> Goal of the exercise
Write the entries below out again exactly, but skip the pictures.

=== Records for this task ===

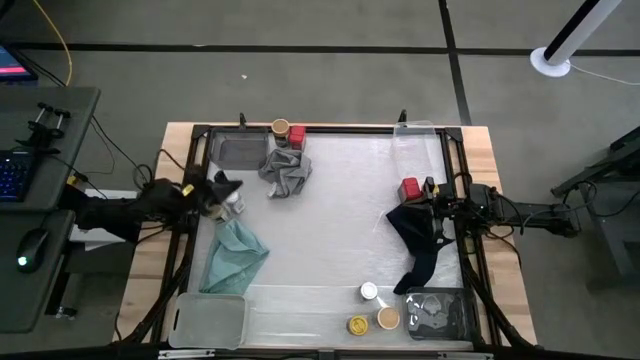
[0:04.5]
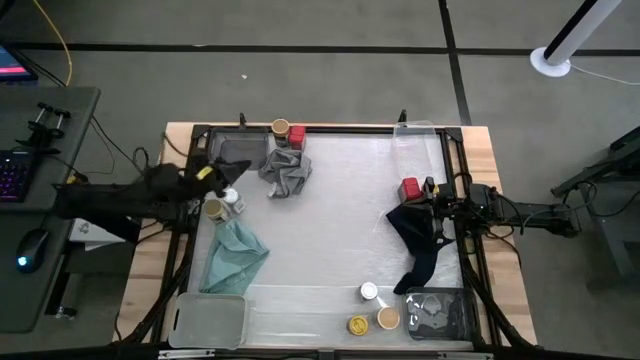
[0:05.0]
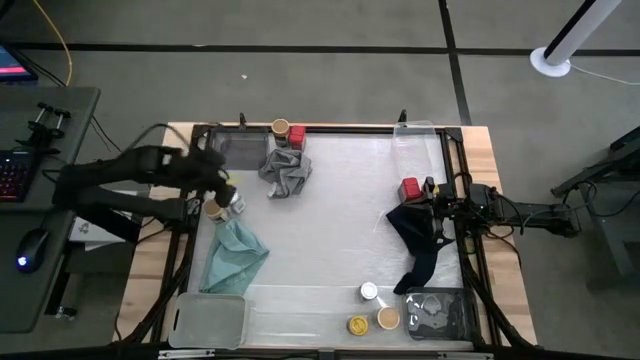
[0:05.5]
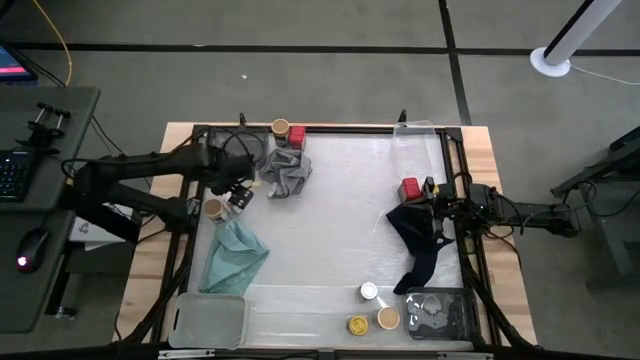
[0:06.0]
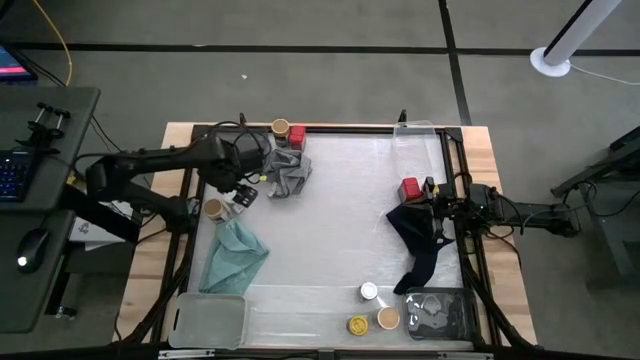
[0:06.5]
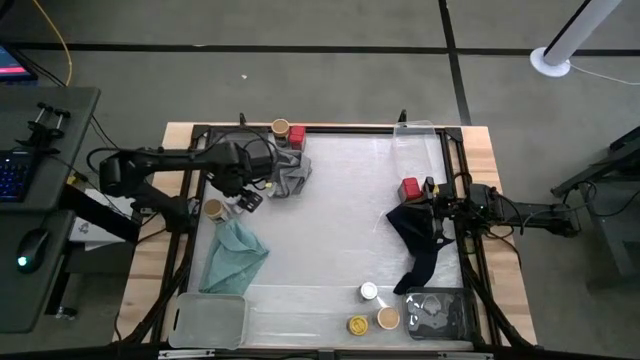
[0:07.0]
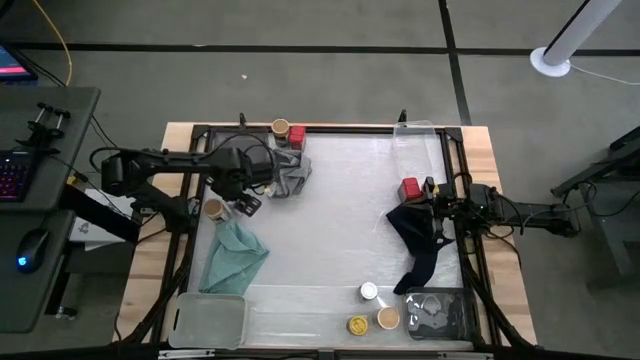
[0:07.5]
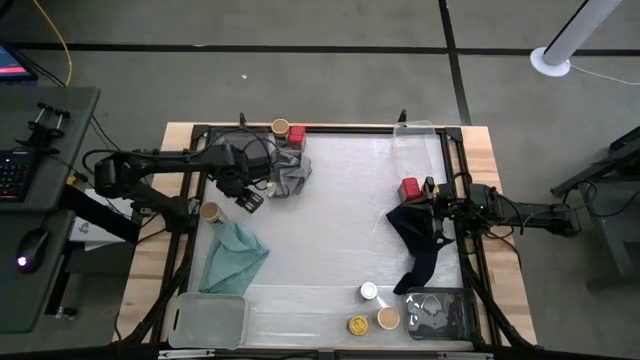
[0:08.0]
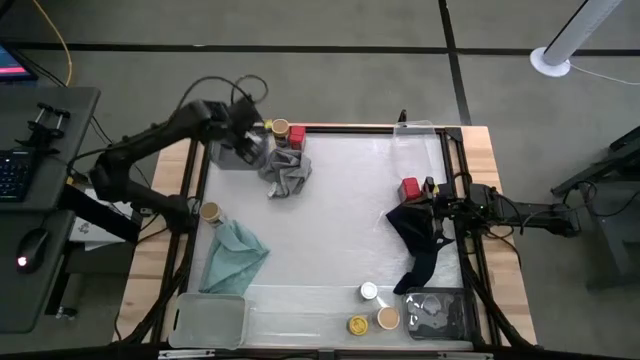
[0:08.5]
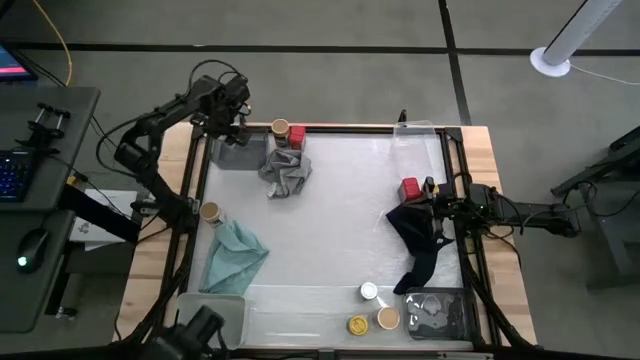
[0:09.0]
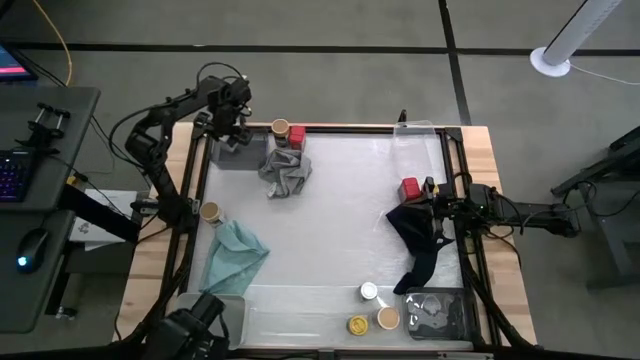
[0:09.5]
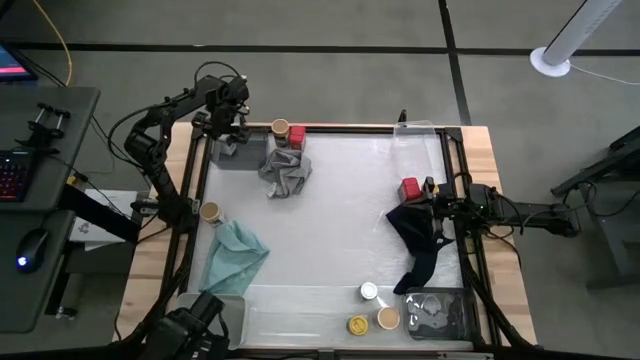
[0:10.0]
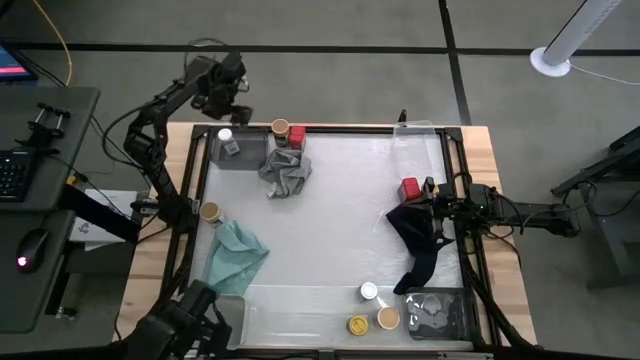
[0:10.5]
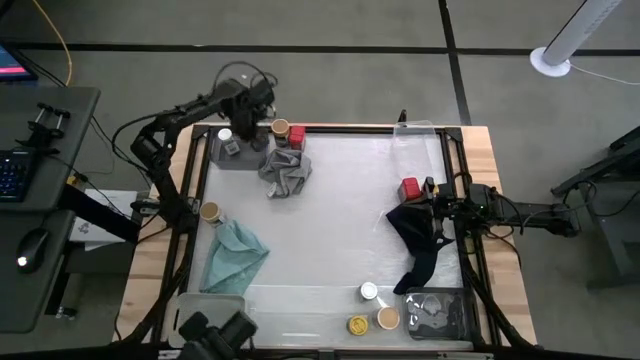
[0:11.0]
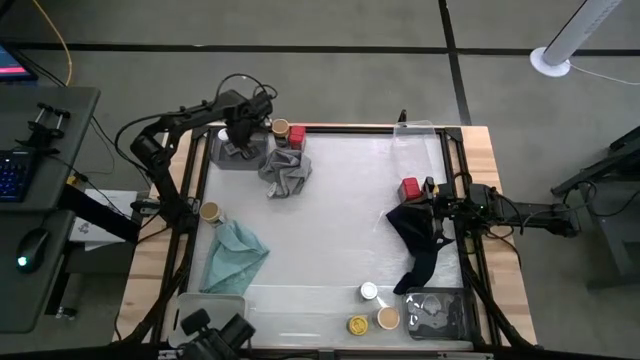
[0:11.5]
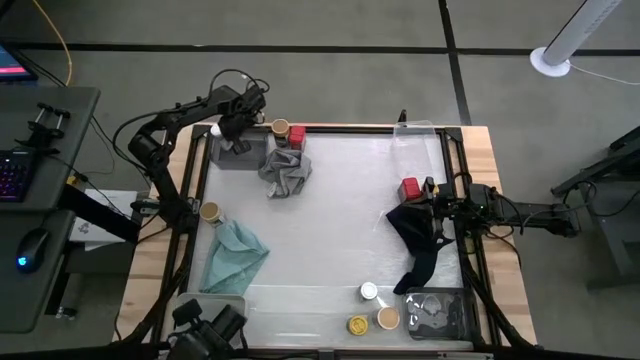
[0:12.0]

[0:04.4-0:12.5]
Task: Sort spices by type
Put the top white seasoning bottle into the top black bin

===

> Exercise answer
[0:04.5]
[0:05.0]
[0:05.5]
[0:06.0]
[0:06.5]
[0:07.0]
[0:07.5]
[0:08.0]
[0:08.5]
[0:09.0]
[0:09.5]
[0:10.0]
[0:10.5]
[0:11.0]
[0:11.5]
[0:12.0]

[0:04.4-0:12.5]
Task: Sort spices by type
Put the top white seasoning bottle into the top black bin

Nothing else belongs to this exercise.